Fig. 6 illustrates the prediction error for the validation set compounds using PaDEL molecular descriptors (mol), mass spectra (spec), and both combined (mol+spec). Whilst the model utilising spectra and retention times only (spec) yielded the highest R2 of calibration, significant errors were observed in prediction of the validation set compounds, with negative values for several RFs. The model using molecular descriptors, spectral data and retention times (mol + spec) yielded the narrowest distribution of fold change errors, as illustrated in Fig. 6 and Table 2. This model selected 63 molecular descriptors and 59 mass channels after GA, and with the addition of 1D and 2D retention times, resulted in an average fold change error of 1.76 (ranging from 1.01 to 4.76).

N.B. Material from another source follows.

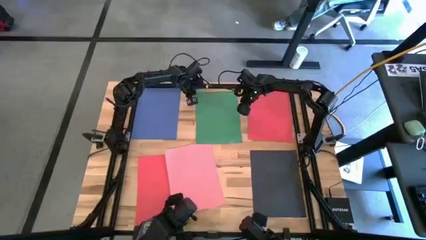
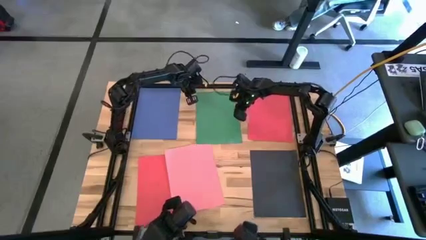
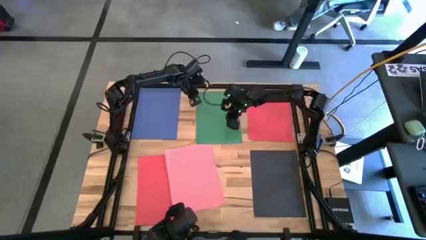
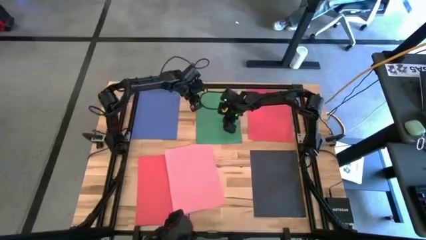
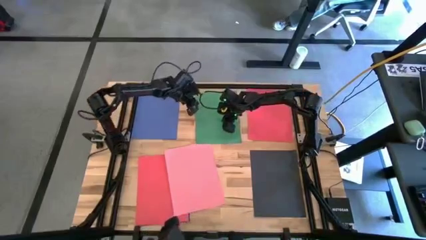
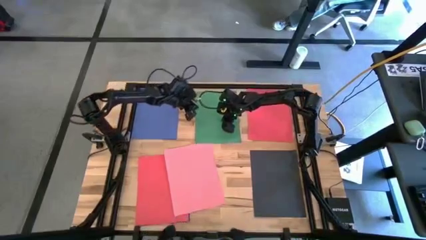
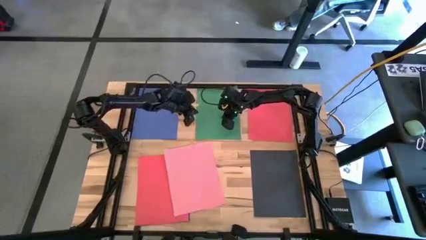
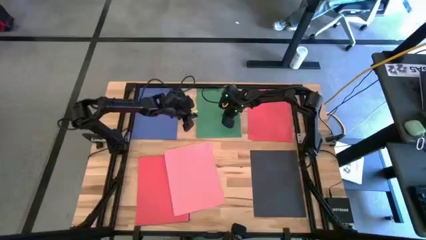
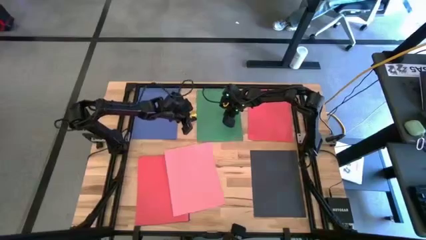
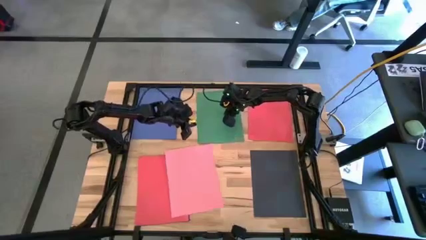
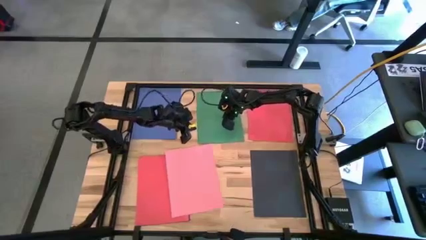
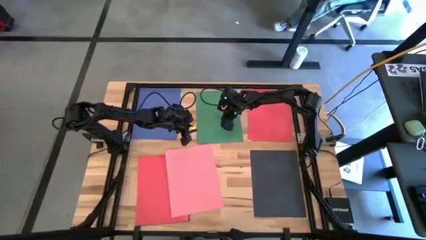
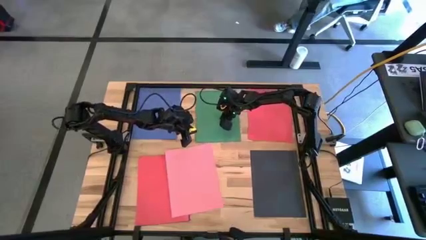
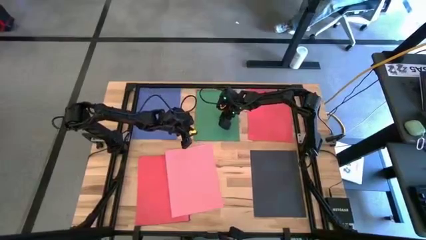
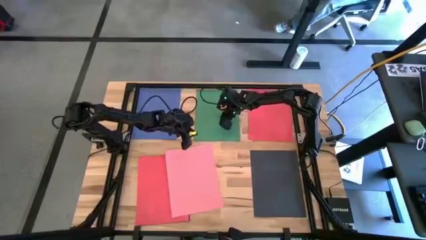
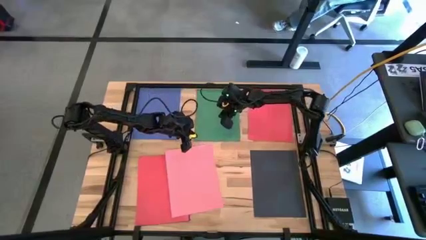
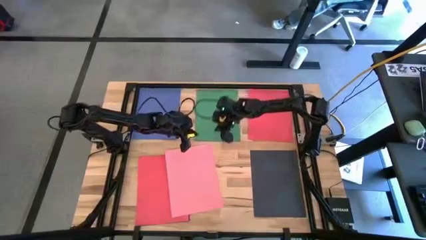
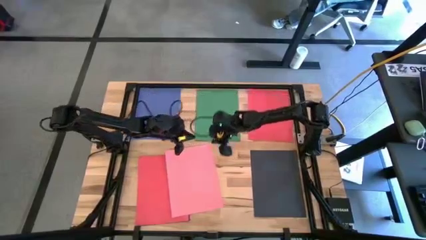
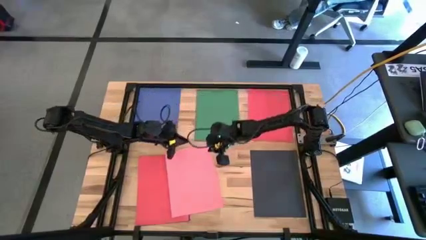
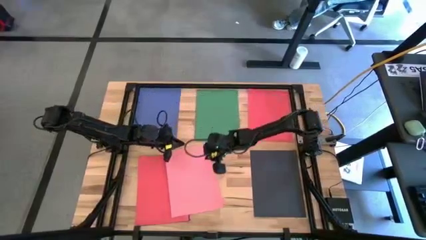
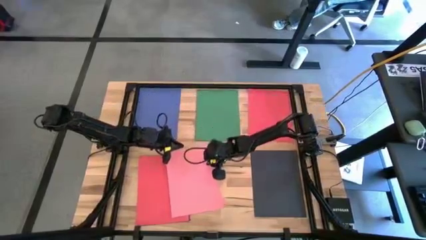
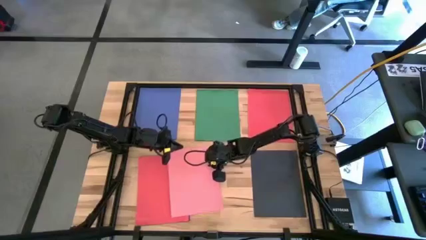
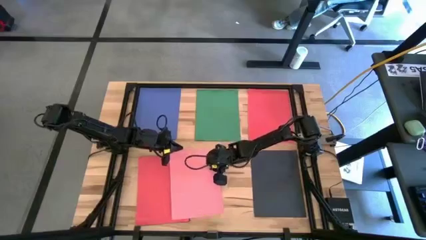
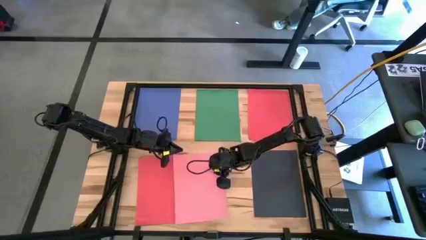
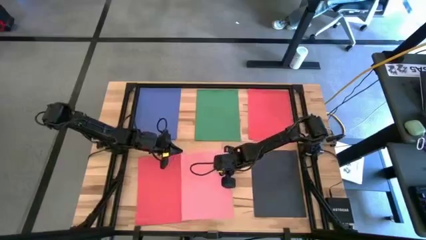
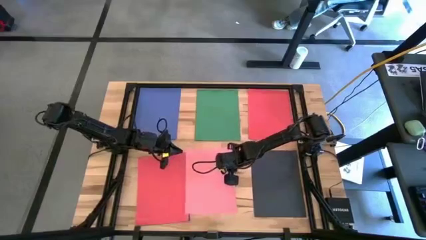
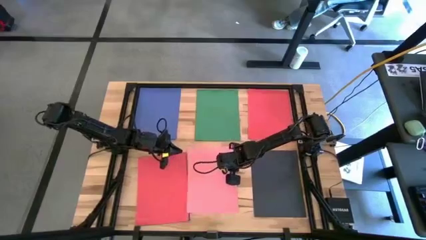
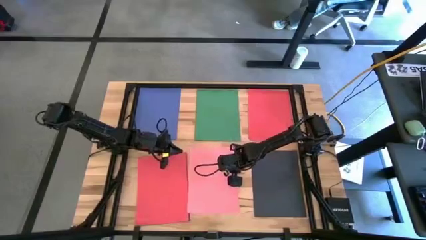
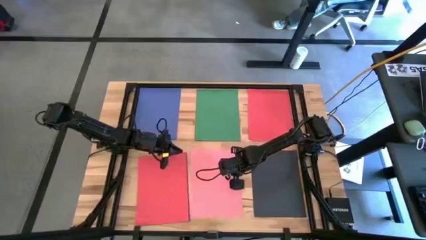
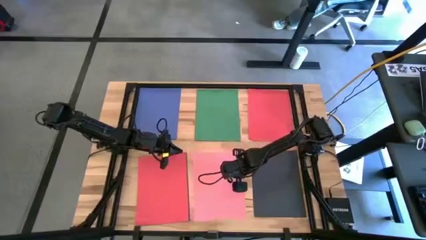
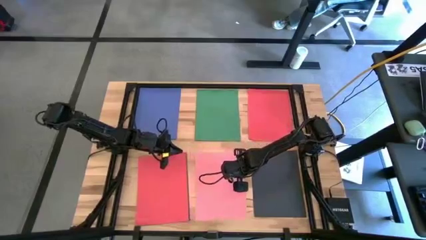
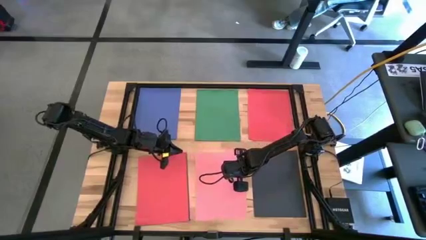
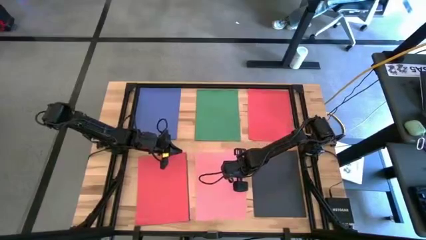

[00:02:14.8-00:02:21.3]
Move the pink paper to the bottom middle of the table

Interestingly, 2D retention time was a selected variable in all models, reinforcing the utility of the RFS approach, and demonstrating that retention time accounts for some of the variance in the RF for a compound.
Journal of Chromatography A, Volume 1747, 26 April 2025, 465811: Fig. 6. Rainfall plots showing fold change error for GA-PLS approaches utilizing molecular descriptors (mol), spectral data (spec), and a combination of both molecular descriptors and spectral data (mol+spec).5. Conclusion
This study demonstrates that reconstructed total ion current response factor surfaces (RFS) in comprehensive two-dimensional gas chromatography-mass spectrometry (GC × GC–MS) provide a reliable and innovative method for estimating the concentration of compounds in complex matrices without the need for relevant reference standards. The RFS approach achieved an average fold-change error of 1.55 for suspect-screening and 1.83 for non-targeted analysis, delivering accuracy comparable to or better than predictive modelling techniques, such as genetic algorithm-partial least squares regression (GA-PLS), which yielded an average fold-change error of 1.76. Notably, the matrix-specific RFS further improved accuracy, reducing the average fold-change error to 1.34, highlighting the importance of addressing matrix effects.
By enabling the quantification of both known and unknown compounds, the RFS methodology overcomes critical limitations in environmental analytical chemistry, particularly in scenarios where reference standards for emerging contaminants or transformation products are unavailable. This capability holds significant potential for enhancing regulatory assessments, environmental monitoring, and prioritization of unknown features in non-targeted workflows using GC × GC–MS. Overall, RFS establishes itself as a transformative tool for advancing both suspect and non-targeted screening analyses, offering a versatile and scalable solution for modern analytical challenges.